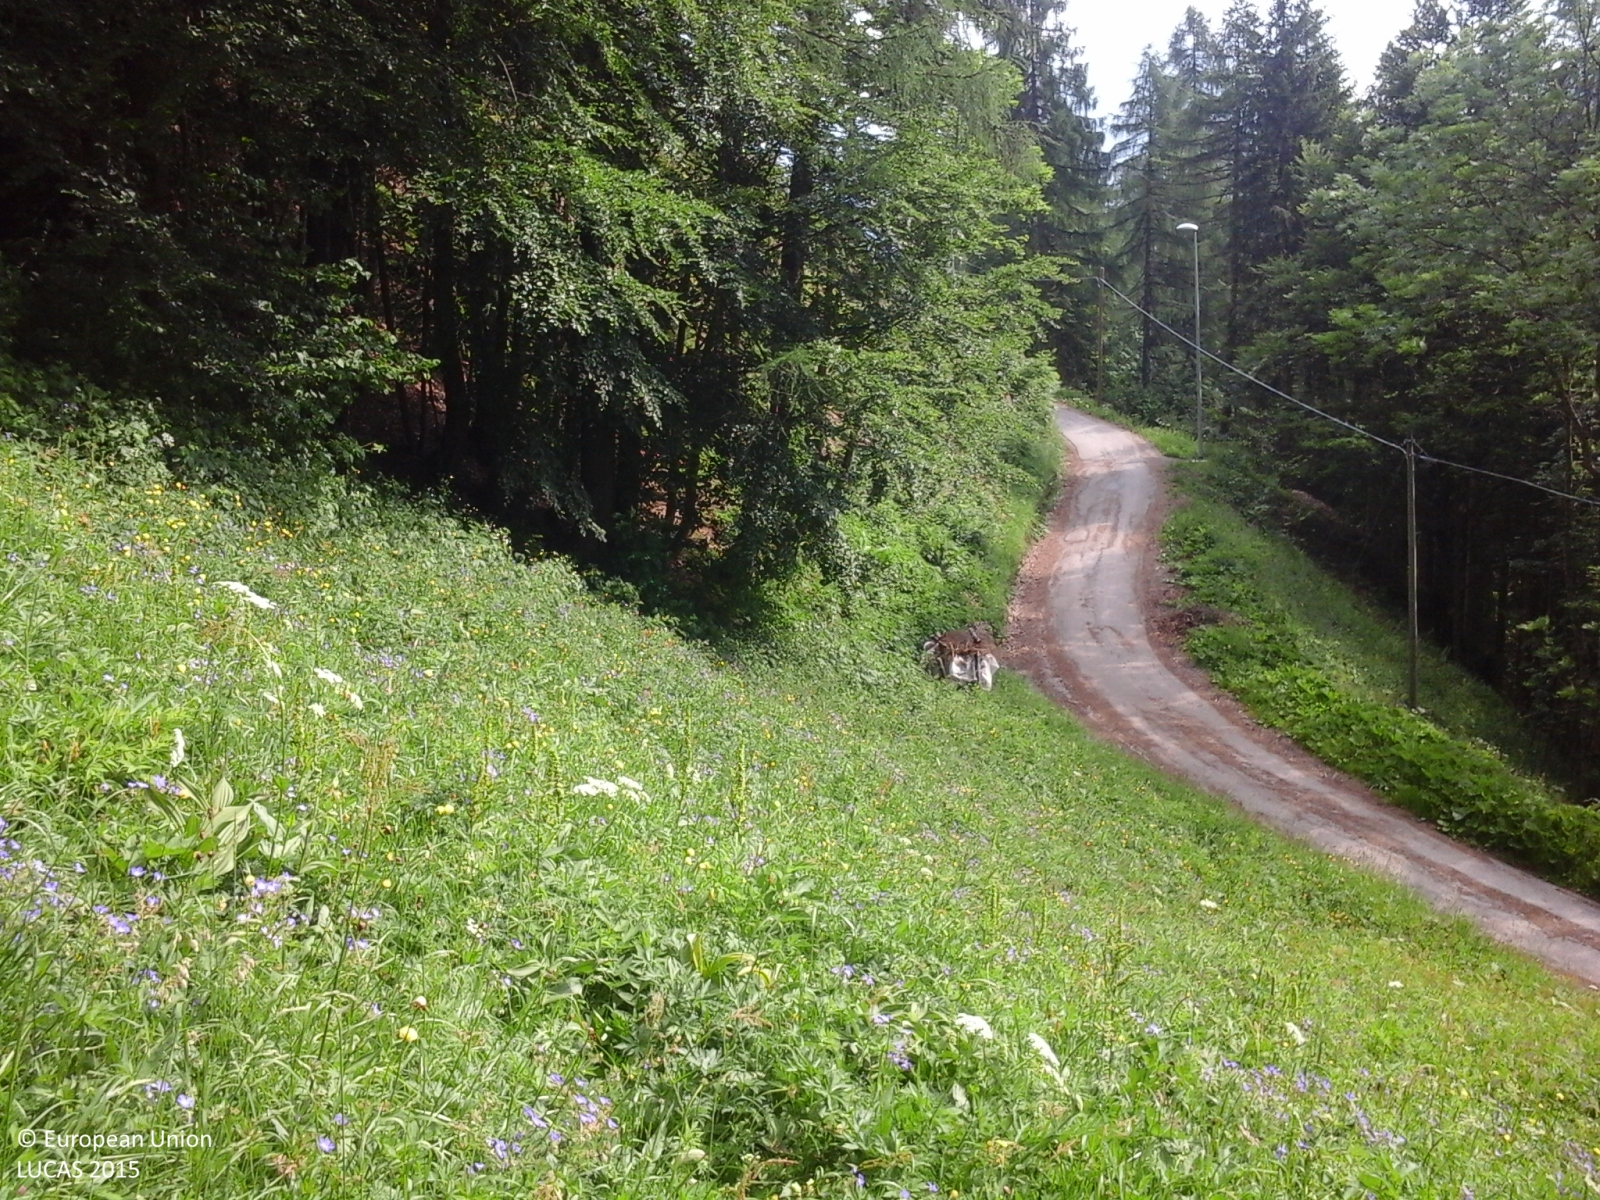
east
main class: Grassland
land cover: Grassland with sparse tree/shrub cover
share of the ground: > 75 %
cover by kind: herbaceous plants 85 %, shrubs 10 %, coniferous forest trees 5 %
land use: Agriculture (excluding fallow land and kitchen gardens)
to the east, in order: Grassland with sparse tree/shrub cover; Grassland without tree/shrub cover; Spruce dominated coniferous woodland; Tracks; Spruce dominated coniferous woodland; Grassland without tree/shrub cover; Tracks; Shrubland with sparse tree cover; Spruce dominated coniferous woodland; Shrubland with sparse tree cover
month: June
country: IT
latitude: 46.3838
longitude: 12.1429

...

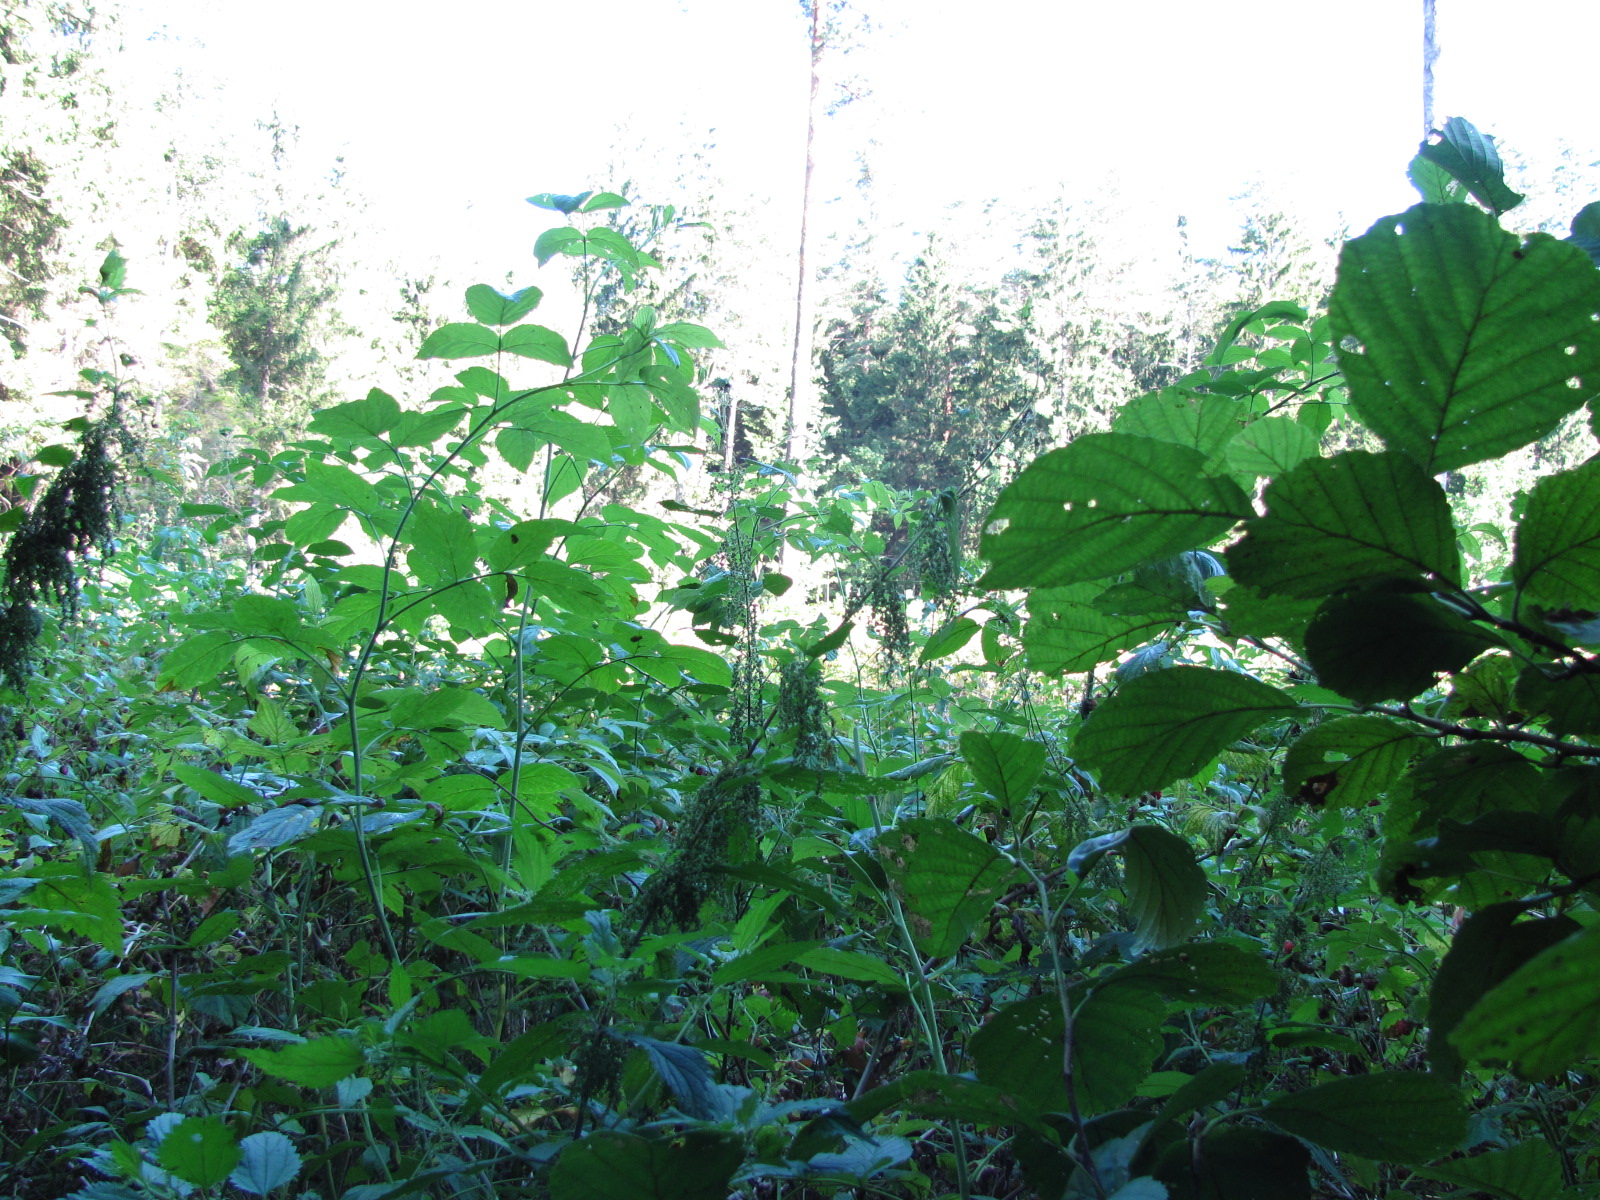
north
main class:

▸ Task directions:
Scan the records above and report every line with the string "cover".

▸ Written solution:
land cover: Grassland with sparse tree/shrub cover
cover by kind: herbaceous plants 85 %, shrubs 10 %, coniferous forest trees 5 %
to the east, in order: Grassland with sparse tree/shrub cover; Grassland without tree/shrub cover; Spruce dominated coniferous woodland; Tracks; Spruce dominated coniferous woodland; Grassland without tree/shrub cover; Tracks; Shrubland with sparse tree cover; Spruce dominated coniferous woodland; Shrubland with sparse tree cover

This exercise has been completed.